**Material for the task:**
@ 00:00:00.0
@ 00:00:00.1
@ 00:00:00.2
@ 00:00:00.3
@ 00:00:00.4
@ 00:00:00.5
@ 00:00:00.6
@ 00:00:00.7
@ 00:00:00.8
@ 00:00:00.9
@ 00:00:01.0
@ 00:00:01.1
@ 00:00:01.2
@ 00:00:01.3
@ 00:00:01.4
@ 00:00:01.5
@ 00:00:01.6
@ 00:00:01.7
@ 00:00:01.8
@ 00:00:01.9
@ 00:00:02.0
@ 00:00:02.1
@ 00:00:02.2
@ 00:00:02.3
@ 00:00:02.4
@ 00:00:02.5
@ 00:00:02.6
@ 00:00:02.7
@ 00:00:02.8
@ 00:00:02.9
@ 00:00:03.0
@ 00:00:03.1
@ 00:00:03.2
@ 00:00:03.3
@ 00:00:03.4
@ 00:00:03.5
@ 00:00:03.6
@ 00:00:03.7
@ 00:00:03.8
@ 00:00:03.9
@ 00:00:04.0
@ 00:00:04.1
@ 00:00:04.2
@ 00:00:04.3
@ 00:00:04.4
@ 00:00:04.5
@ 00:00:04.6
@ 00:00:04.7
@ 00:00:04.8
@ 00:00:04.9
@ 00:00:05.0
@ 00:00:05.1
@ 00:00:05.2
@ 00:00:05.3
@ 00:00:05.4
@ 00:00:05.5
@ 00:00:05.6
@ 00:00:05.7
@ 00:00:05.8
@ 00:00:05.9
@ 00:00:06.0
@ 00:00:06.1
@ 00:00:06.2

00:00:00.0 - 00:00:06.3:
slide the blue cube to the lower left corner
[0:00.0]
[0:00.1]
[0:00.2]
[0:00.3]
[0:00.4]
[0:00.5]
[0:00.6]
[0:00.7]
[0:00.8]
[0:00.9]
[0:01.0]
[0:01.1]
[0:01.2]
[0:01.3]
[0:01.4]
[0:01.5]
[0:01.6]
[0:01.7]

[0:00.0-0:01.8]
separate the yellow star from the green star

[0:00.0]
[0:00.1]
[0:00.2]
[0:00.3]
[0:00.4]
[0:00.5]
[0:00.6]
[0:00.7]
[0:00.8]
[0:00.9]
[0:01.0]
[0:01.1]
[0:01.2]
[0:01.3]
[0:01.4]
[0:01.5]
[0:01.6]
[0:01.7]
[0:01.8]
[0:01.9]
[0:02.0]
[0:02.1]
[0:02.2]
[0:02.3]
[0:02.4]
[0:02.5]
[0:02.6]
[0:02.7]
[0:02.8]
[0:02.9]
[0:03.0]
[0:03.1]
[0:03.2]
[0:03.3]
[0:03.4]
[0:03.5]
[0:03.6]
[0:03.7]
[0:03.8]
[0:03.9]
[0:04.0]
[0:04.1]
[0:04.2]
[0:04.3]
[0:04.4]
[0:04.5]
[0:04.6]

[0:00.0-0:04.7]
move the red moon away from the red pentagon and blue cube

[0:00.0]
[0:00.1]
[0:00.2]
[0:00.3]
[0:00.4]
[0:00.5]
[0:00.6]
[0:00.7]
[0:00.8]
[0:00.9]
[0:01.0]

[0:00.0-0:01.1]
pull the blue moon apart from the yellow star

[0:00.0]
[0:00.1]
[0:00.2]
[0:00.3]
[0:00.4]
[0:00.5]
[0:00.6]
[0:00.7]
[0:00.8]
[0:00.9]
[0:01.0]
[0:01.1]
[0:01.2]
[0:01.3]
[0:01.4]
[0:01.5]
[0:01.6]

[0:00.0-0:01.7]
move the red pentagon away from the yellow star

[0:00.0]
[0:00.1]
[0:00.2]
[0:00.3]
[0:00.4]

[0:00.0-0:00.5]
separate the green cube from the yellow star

**Required work:**
Give back every line of the material, exactly as written.

**Answer area:**
@ 00:00:00.0
@ 00:00:00.1
@ 00:00:00.2
@ 00:00:00.3
@ 00:00:00.4
@ 00:00:00.5
@ 00:00:00.6
@ 00:00:00.7
@ 00:00:00.8
@ 00:00:00.9
@ 00:00:01.0
@ 00:00:01.1
@ 00:00:01.2
@ 00:00:01.3
@ 00:00:01.4
@ 00:00:01.5
@ 00:00:01.6
@ 00:00:01.7
@ 00:00:01.8
@ 00:00:01.9
@ 00:00:02.0
@ 00:00:02.1
@ 00:00:02.2
@ 00:00:02.3
@ 00:00:02.4
@ 00:00:02.5
@ 00:00:02.6
@ 00:00:02.7
@ 00:00:02.8
@ 00:00:02.9
@ 00:00:03.0
@ 00:00:03.1
@ 00:00:03.2
@ 00:00:03.3
@ 00:00:03.4
@ 00:00:03.5
@ 00:00:03.6
@ 00:00:03.7
@ 00:00:03.8
@ 00:00:03.9
@ 00:00:04.0
@ 00:00:04.1
@ 00:00:04.2
@ 00:00:04.3
@ 00:00:04.4
@ 00:00:04.5
@ 00:00:04.6
@ 00:00:04.7
@ 00:00:04.8
@ 00:00:04.9
@ 00:00:05.0
@ 00:00:05.1
@ 00:00:05.2
@ 00:00:05.3
@ 00:00:05.4
@ 00:00:05.5
@ 00:00:05.6
@ 00:00:05.7
@ 00:00:05.8
@ 00:00:05.9
@ 00:00:06.0
@ 00:00:06.1
@ 00:00:06.2

00:00:00.0 - 00:00:06.3:
slide the blue cube to the lower left corner
[0:00.0]
[0:00.1]
[0:00.2]
[0:00.3]
[0:00.4]
[0:00.5]
[0:00.6]
[0:00.7]
[0:00.8]
[0:00.9]
[0:01.0]
[0:01.1]
[0:01.2]
[0:01.3]
[0:01.4]
[0:01.5]
[0:01.6]
[0:01.7]

[0:00.0-0:01.8]
separate the yellow star from the green star

[0:00.0]
[0:00.1]
[0:00.2]
[0:00.3]
[0:00.4]
[0:00.5]
[0:00.6]
[0:00.7]
[0:00.8]
[0:00.9]
[0:01.0]
[0:01.1]
[0:01.2]
[0:01.3]
[0:01.4]
[0:01.5]
[0:01.6]
[0:01.7]
[0:01.8]
[0:01.9]
[0:02.0]
[0:02.1]
[0:02.2]
[0:02.3]
[0:02.4]
[0:02.5]
[0:02.6]
[0:02.7]
[0:02.8]
[0:02.9]
[0:03.0]
[0:03.1]
[0:03.2]
[0:03.3]
[0:03.4]
[0:03.5]
[0:03.6]
[0:03.7]
[0:03.8]
[0:03.9]
[0:04.0]
[0:04.1]
[0:04.2]
[0:04.3]
[0:04.4]
[0:04.5]
[0:04.6]

[0:00.0-0:04.7]
move the red moon away from the red pentagon and blue cube

[0:00.0]
[0:00.1]
[0:00.2]
[0:00.3]
[0:00.4]
[0:00.5]
[0:00.6]
[0:00.7]
[0:00.8]
[0:00.9]
[0:01.0]

[0:00.0-0:01.1]
pull the blue moon apart from the yellow star

[0:00.0]
[0:00.1]
[0:00.2]
[0:00.3]
[0:00.4]
[0:00.5]
[0:00.6]
[0:00.7]
[0:00.8]
[0:00.9]
[0:01.0]
[0:01.1]
[0:01.2]
[0:01.3]
[0:01.4]
[0:01.5]
[0:01.6]

[0:00.0-0:01.7]
move the red pentagon away from the yellow star

[0:00.0]
[0:00.1]
[0:00.2]
[0:00.3]
[0:00.4]

[0:00.0-0:00.5]
separate the green cube from the yellow star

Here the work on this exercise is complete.